TimesFm2_5 model for quantile and mean prediction.

- **past_values** (`collections.abc.Sequence[torch.Tensor]`) --
  Past values of the time series that serves as input to the model. Each tensor is a 1D time series.
- **window_size** (`int`, *optional*) --
  Window size of trend + residual decomposition. If `None`, decomposition is not applied.
- **future_values** (`torch.Tensor`, *optional*) --
  Optional future values used to compute the loss.
- **forecast_context_len** (`int`, *optional*) --
  Optional context length override used during forecasting.
- **truncate_negative** (`bool`, *optional*) --
  Whether to clamp outputs to non-negative values.
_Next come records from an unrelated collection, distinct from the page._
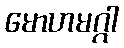
မောဟမဂ္ဂါ
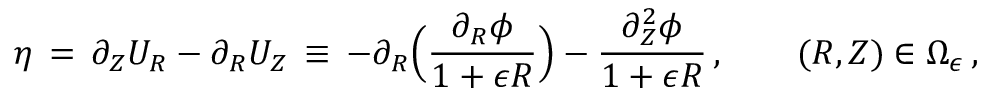
\eta \, = \, \partial _ { Z } U _ { R } - \partial _ { R } U _ { Z } \, \equiv \, - \partial _ { R } \Bigl ( \frac { \partial _ { R } \phi } { 1 + \epsilon R } \Bigr ) - \frac { \partial _ { Z } ^ { 2 } \phi } { 1 + \epsilon R } \, , \qquad ( R , Z ) \in \Omega _ { \epsilon } \, ,
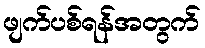
ဖျက်ပစ်ရန်အတွက်
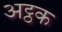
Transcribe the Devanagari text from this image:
अट्ठक
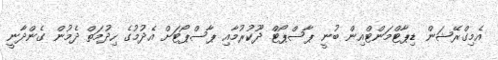
އެމިގްރޭޝަން ޑިޕާޓްމަންޓްއިން ބުނީ ޕާސްޕޯޓް ދޫކުރުމާއި ޕާސްޕޯޓަށް އެދުމުގެ ހިދުމަތް ދެމުން ގެންދާނީ
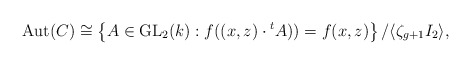
\begin{align*}\mathrm{Aut}(C) \cong \left\{ A \in \mathrm{GL}_2(k) : f((x,z)\cdot {}^t A)) = f(x,z) \right\}/ \langle\zeta_{g+1}I_2 \rangle,\end{align*}
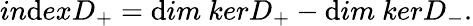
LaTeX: in\mathrm{d}exD_{+}=\mathrm{d}im{\ }kerD_{+}-\mathrm{d}im{\ }kerD_{-}.
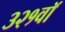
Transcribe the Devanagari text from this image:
३२१वॉ
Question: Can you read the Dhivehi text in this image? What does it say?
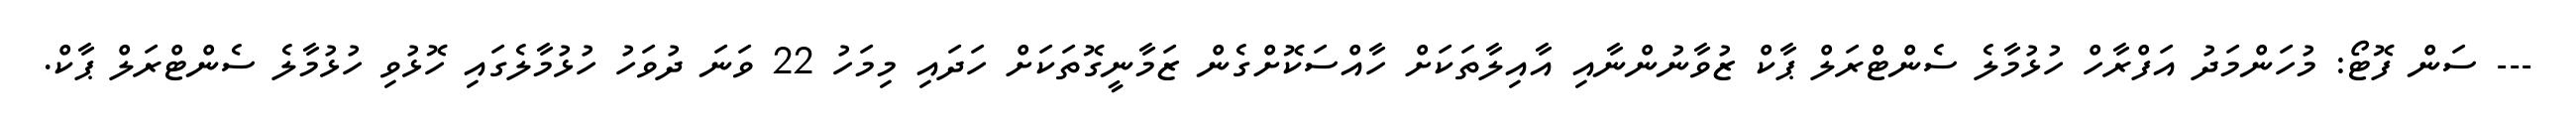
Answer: --- ސަން ފޮޓޯ: މުހަންމަދު އަފްރާހް ހުޅުމާލެ ސެންޓްރަލް ޕާކް ޒުވާނުންނާއި އާއިލާތަކަށް ހާއްސަކޮށްގެން ޒަމާނީގޮތަކަށް ހަދައި މިމަހު 22 ވަނަ ދުވަހު ހުޅުމާލެގައި ހޮޅުވި ހުޅުމާލެ ސެންޓްރަލް ޕާކް.

If `None`, defaults to `config.infer_is_positive`.
- **force_flip_invariance** (`bool`, *optional*) --
  Whether to apply the flip-invariance combination. If `None`, defaults to
  `config.force_flip_invariance`.`TimesFm2_5OutputForPrediction` or `tuple(torch.FloatTensor)`A `TimesFm2_5OutputForPrediction` or a tuple of
`torch.FloatTensor` (if `return_dict=False` is passed or when `config.return_dict=False`) comprising various
elements depending on the configuration ([TimesFm2_5Config](/docs/transformers/main/en/model_doc/timesfm2_5#transformers.TimesFm2_5Config)) and inputs.
The [TimesFm2_5ModelForPrediction](/docs/transformers/main/en/model_doc/timesfm2_5#transformers.TimesFm2_5ModelForPrediction) forward method, overrides the `__call__` special method.
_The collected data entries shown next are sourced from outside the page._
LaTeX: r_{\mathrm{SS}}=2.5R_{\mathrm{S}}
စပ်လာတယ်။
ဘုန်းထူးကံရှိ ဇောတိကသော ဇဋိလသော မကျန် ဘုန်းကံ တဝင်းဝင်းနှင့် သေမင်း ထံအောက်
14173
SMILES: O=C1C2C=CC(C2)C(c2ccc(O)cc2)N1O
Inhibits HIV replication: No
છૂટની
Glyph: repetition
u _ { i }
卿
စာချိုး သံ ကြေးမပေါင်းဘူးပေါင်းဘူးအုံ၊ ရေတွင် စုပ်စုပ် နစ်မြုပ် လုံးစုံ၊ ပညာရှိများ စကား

Although the recipe for forward pass needs to be defined within this function, one should call the `Module`
instance afterwards instead of this since the former takes care of running the pre and post processing steps while
the latter silently ignores them.

- **last_hidden_state** (`torch.FloatTensor` of shape `(batch_size, sequence_length, hidden_size)`) -- Sequence of hidden-states at the output of the last layer of the model.
- **hidden_states** (`tuple(torch.FloatTensor)`, *optional*, returned when `output_hidden_states=True` is passed or when `config.output_hidden_states=True`) -- Tuple of `torch.FloatTensor` (one for the output of the embeddings, if the model has an embedding layer, +
  one for the output of each layer) of shape `(batch_size, sequence_length, hidden_size)`.

  Hidden-states of the model at the output of each layer plus the optional initial embedding outputs.
- **attentions** (`tuple(torch.FloatTensor)`, *optional*, returned when `output_attentions=True` is passed or when `config.output_attentions=True`) -- Tuple of `torch.FloatTensor` (one for each layer) of shape `(batch_size, num_heads, sequence_length,
  sequence_length)`.

  Attentions weights after the attention softmax, used to compute the weighted average in the self-attention
  heads.
- **mean_predictions** (`torch.Tensor` of shape `(batch_size, horizon_length)`) -- Deterministic forecasts after denormalization.
- **full_predictions** (`torch.Tensor` of shape `(batch_size, horizon_length, quantiles)`) -- Quantile forecasts including the median after denormalization.
- **loss** (`torch.Tensor` of shape `(1,)`, *optional*, returned when `future_values` is provided) -- Training loss combining MSE and quantile losses when targets are supplied.